Results: A total of 177 (17.6%) patients exceeded their CMS-predicted LOS. These patients had greater admissions to the ICU (56.1% vs 13.8%; P = .000), confirmed-NAT (11.6% vs 3.3%; P = .000), child protective service involvement (33.1% vs 21.3%; P = .001), intubations (36.0% vs 5.4%; P = .000), ventilator days (3.66 vs 0.23; P = . 000), transfusions (26.7% vs 3.0%; P = .000), and discharges to inpatient rehab (21.5% vs 1.6%; P = .000). They presented with a higher ISS (16.0 vs 7.0; P = .000). Etiologies associated with excessive LOS included motor-vehicle-crashes (22.1% vs 12.9%; P = .001), motor-vehicle vs pedestrian (10.5% vs 6.5%; P = .032), and suspected abuse (14% vs 5.1%; P = .000). Patients with excessive LOS had a higher likelihood of brain injury (48.8% vs 21.3%; P = .000) and internal organ injury (22.7% vs 6.9%; P = .000). They had more imaging studies (2.01 vs 1.51; P = .000), including more CT (68.6% vs 49.3%), MRI (22.7% vs 6.8%), and ultrasound (37.2% vs 22.6%) use. Patients who exceeded LOS underwent more surgical procedures (1.2 vs 0.6; P = .000), with a longer time from admission to operating room (1.92 vs 0.76 days; P = .001) and longer operative times (113.1 vs 40.0 minutes; P = .000). They more frequently required intervention by general surgery (5.8% vs 2.1%), neurosurgery (16.9% vs 1.6%), or multiple surgical teams (15.1% vs 3.7%). They had lower rates of intervention by other surgical subspecialties.

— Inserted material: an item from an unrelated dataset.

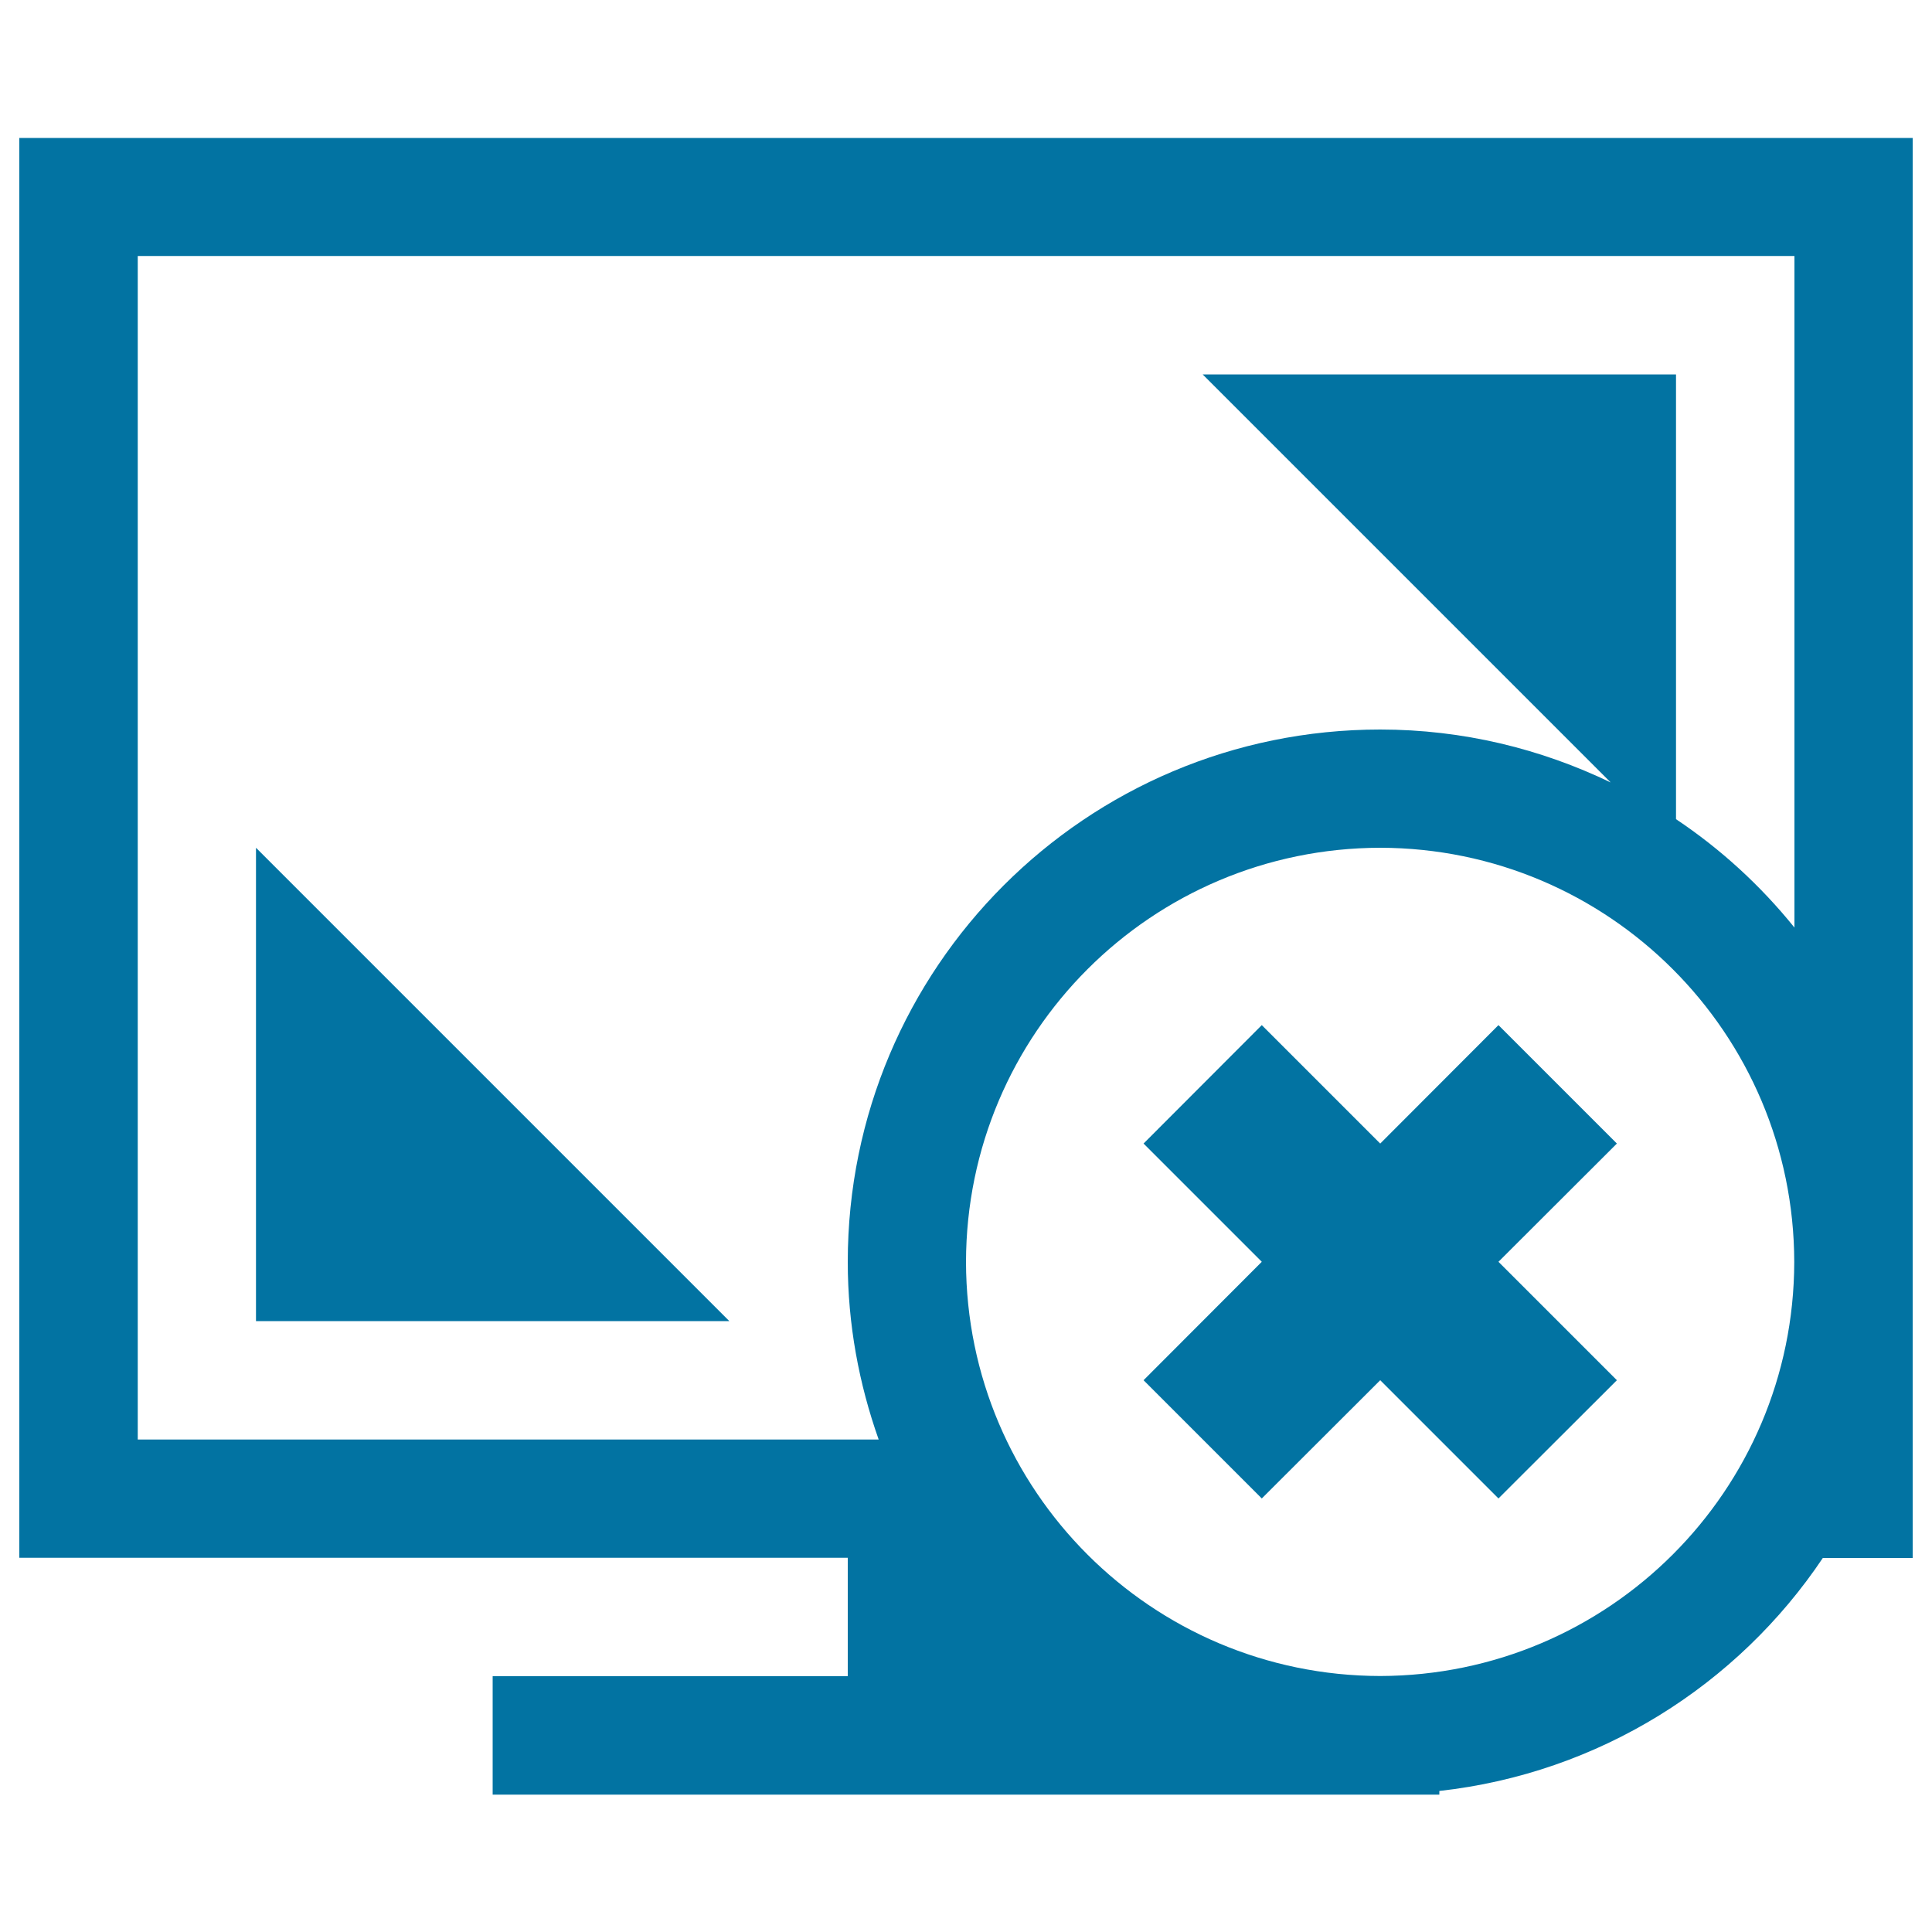 <svg xmlns="http://www.w3.org/2000/svg" viewBox="0 0 1000 1000" style="fill:#0273a2">
<title>Fullscreen Visualization Cancel Button SVG icon</title>
<g><g><path d="M10,71.3v735h428.8v61.3H255v61.3h490v-1.9c82.7-9.2,154.4-54.8,198.5-120.6H990v-735H10z M714.4,867.5c-118.4-0.2-214.2-96-214.4-214.3c0.2-118.4,96-214.2,214.4-214.4c118.3,0.2,214.1,96,214.3,214.4C928.5,771.5,832.7,867.2,714.4,867.5z M928.8,480.1c-17.5-21.7-38.1-40.6-61.3-56.1V193.8h-245l211.2,211.2c-36.1-17.4-76.5-27.4-119.3-27.4c-152.3,0-275.6,123.3-275.6,275.6c0,32.3,5.8,63.1,16,91.9H71.3V132.5h857.5V480.1z"/><polygon points="132.5,438.8 132.5,683.8 377.5,683.8 "/><polygon points="775.6,530.6 714.4,591.9 653.1,530.6 591.9,591.9 653.1,653.1 591.9,714.4 653.1,775.6 714.4,714.4 775.6,775.6 836.9,714.4 775.6,653.1 836.9,591.9 "/></g></g>
</svg>

Conclusions: A proportion of admitted pediatric trauma patients exceeded their CMS-predicted LOS, influencing hospital reimbursement. Our study identifies factors associated with excessive LOS related to patient demographics, trauma etiologies, and inpatient courses. These factors, particularly concerning patient care, should be considered to improve LOS predictions and to reduce actual LOS.
背景:医疗保险和医疗补助服务中心(CMS)计算特定诊断相关群体的预计住院时间(LOS),并将其与报销联系起来。损伤严重程度评分(ISS)和非意外创伤(NAT)的存在与儿科创伤患者住院时间较长有关。在何种程度上这些和其他因素在儿童创伤患者影响cms预测的LOS是未知的。本研究的目的是确定我们的病人的因素,其中实践改变可能会降低LOS。方法:回顾性分析2018年1月至2020年12月在我市学术一级创伤中心收治的1005例符合纳入标准的儿童创伤患者。对患者资料进行分析,P < 0.05。结果:共有177例(17.6%)患者超过了cms预测的LOS。这些患者的ICU入院率更高(56.1%比13.8%,P = 0.000),确诊的nat(11.6%比3.3%,P = 0.000),儿童保护服务参与(33.1%比21.3%,P = 0.001),插管(36.0%比5.4%,P = 0.000),呼吸机天数(3.66比0.23,P = 0.000)。输血(26.7% vs 3.0%, P = 0.000)和住院康复出院(21.5% vs 1.6%, P = 0.000)。他们表现出更高的ISS (16.0 vs 7.0; P = 0.000)。与过度LOS相关的病因包括机动车碰撞(22.1%对12.9%,P = 0.001)、机动车对行人(10.5%对6.5%,P = 0.032)和疑似虐待(14%对5.1%,P = 0.000)。过度LOS患者发生脑损伤(48.8% vs 21.3%, P = 0.000)和内脏器官损伤(22.7% vs 6.9%, P = 0.000)的可能性更高。他们有更多的影像学检查(2.01 vs 1.51; P = .000),包括更多的CT (68.6% vs 49.3%), MRI (22.7% vs 6.8%)和超声(37.2% vs 22.6%)使用。超过LOS的患者手术次数较多(1.2 vs 0.6, P = .000),从入院到手术室的时间较长(1.92 vs 0.76天,P = .001),手术时间较长(113.1 vs 40.0分钟,P = .000)。他们更频繁地需要普通外科(5.8%对2.1%)、神经外科(16.9%对1.6%)或多个外科团队(15.1%对3.7%)的干预。其他外科专科的干预率较低。结论:住院儿童创伤患者的比例超过了cms预测的LOS,影响了医院报销。我们的研究确定了与患者人口统计学、创伤病因和住院病程相关的过度LOS相关因素。应该考虑这些因素,特别是与患者护理有关的因素,以改善LOS预测并减少实际LOS。
期刊介绍:
Clinical Pediatrics (CLP) a peer-reviewed monthly journal, is a must read for the busy pediatrician. CLP contains state-of-the-art, accurate, concise and down-to earth information on practical, everyday child care topics whether they are clinical, scientific, behavioral, educational, or ethical.